Articolo aggiornato giorno 28 Agosto 2023
Una biografia, questa, probabilmente tra le più allucinanti che ci sia mai capitato leggere, poichè il pensiero di essere prigionieri di un mostro per 3096 giorni, ovvero otto lunghi anni, è per la nostra mente qualcosa di inconcepibile. Ed è proprio quello che è successo alla protagonista, Natascha Kampusch, rapita a Vienna il 2 marzo 1998 all’età di 10 anni, da Wolfgang Priklopil, un radiotecnico 35enne.
Nelle prime pagine del libro la ragazza racconta un pò della sua normalissima vita, fino a quella mattina in cui, mentre si recava a scuola, è iniziato il suo incubo, all’interno di un furgone bianco, proseguito poi dentro una sorta di bunker sotto la casa del rapitore, di circa tre metri per due, chiuso da una porta di cemento armato nascosta dietro un mobile.
L’uomo per tutti questi anni cerca di sottometterla in ogni modo, di plasmarla come lui la desidera controllandone ogni aspetto; del suo corpo (ad esempio facendole il bagno o rasandole i capelli) e della sua vita. Infatti sarà lui a stabilire se, quando e cosa mangiare, affamandola se lei non lo asseconda nelle sue manie, accendendo o spegnendo la luce a suo piacimento, addirittura parlandole attraverso interfoni per farle sentire la sua presenza costante.

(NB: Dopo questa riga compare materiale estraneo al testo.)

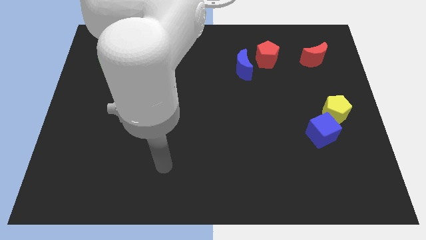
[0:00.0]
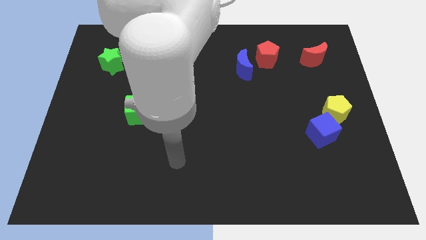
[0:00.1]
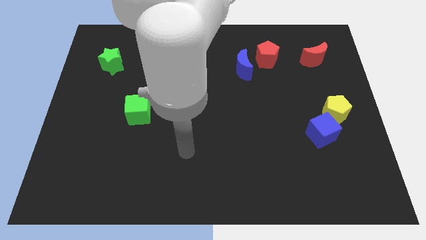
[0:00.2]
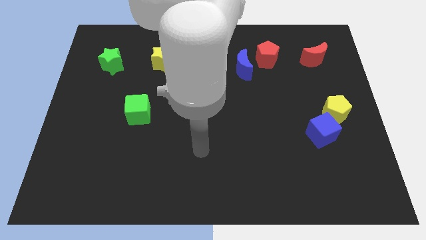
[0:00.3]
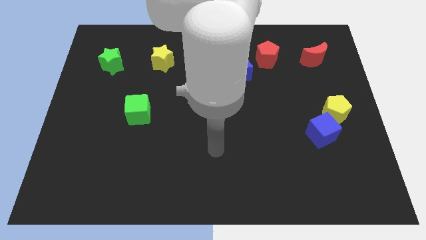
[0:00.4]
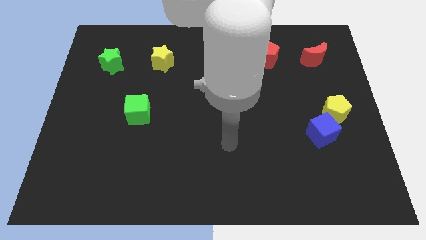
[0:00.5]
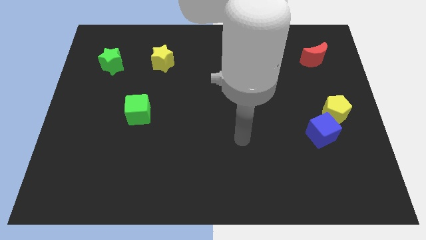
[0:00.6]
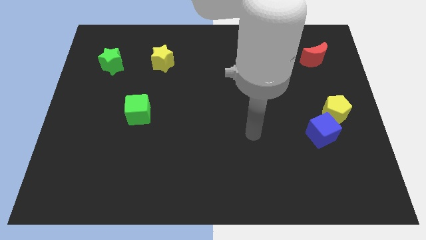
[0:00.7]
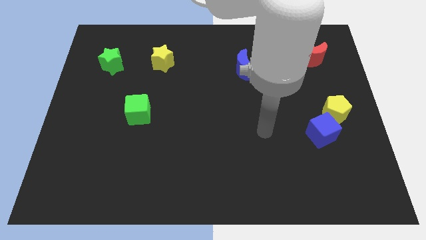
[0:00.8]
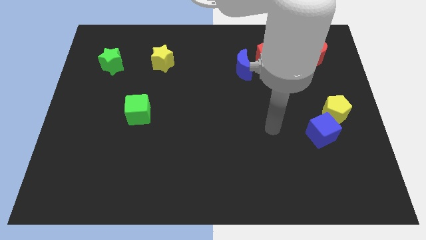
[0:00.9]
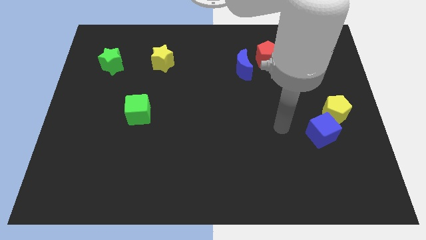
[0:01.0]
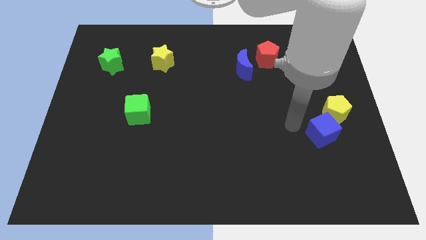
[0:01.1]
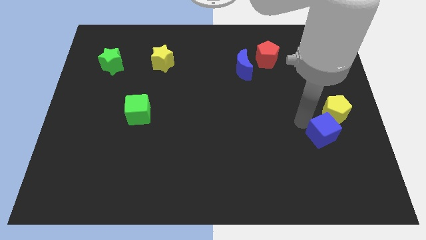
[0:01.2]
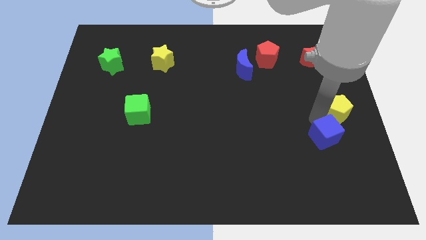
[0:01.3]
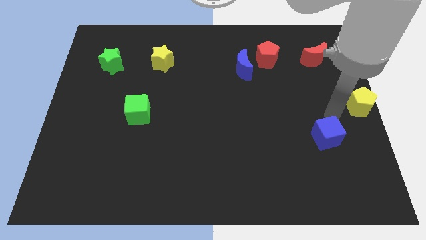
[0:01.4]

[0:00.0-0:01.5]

La prigionia non è solo fisica, ma anche e soprattutto mentale.Dopo qualche mese infatti le è permesso di salire in casa, per fare le pulizie, ma sarà costretta a indossare solo una maglietta senza biancheria intima, con lo sguardo sempre basso, e addirittura per toglierle ogni identità le sarà cambiato anche il nome.

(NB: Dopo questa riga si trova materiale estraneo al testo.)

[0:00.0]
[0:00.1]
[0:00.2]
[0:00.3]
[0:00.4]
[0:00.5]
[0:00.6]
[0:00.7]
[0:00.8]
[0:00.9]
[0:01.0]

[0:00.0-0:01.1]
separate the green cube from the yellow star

Qualche volta potrà uscire in giardino, alcuni giorni sono andati addirittura in giro, e il perchè non abbia tentato la fuga in queste occasioni, ce lo spiega lei col fatto che la minacciava di uccidere tutti se avesse provato a fuggire.
Il racconto è lucido e devastante per chi lo legge,e se manca ogni riferimento agli abusi sessuali è solo perchè Natascha ha scelto di tenere per sè almeno questa sfera intima, essendo stata privata di tutta una parte della sua vita.
La prigionia si interromperà finalmente il 23 agosto 2006, mentre lui si allontana per rispondere al telefono e lei, che si trova in giardino a lavare l’auto, riesce a reagire e a trovare il coraggio di riappropriarsi della sua vita. Dopo qualche ora il suo aguzzino si getta sotto un treno.
Una lettura appassionante e utile per capire i meccanismi che si innestano nella mente umana quando subentra l’istinto di sopravvivenza, come lei scrive ” «Dovevo accettare, a volte apparire sottomessa per sopravvivere, altre volte dovevo impormi e sembrare più forte di lui: non ho mai obbedito quando mi chiedeva di chiamarlo “padrone”», e ancora “«Dopo un paio di mesi passati in prigione, lo pregai per la prima volta di abbracciarmi. Avevo bisogno del conforto di un contatto, di sentire il calore umano… Mi sentivo infinitamente piccola e debole».
Consigliato perchè le mente umana è un mistero, e come la ragazza in seguito ha affermato in un’intervista: “Niente è solo nero o solo bianco. E Nessuno è soltanto buono o cattivo. Ciò valeva anche per il mio rapitore. Queste sono frasi che non si ascoltano volentieri quando sono pronunciate da una vittima di un rapimento. Perché cosi viene meno lo schema ben definito del Bene e del Male che utilizziamo volentieri per non perdere l’orientamento in un mondo pieno di sfumature grigie”.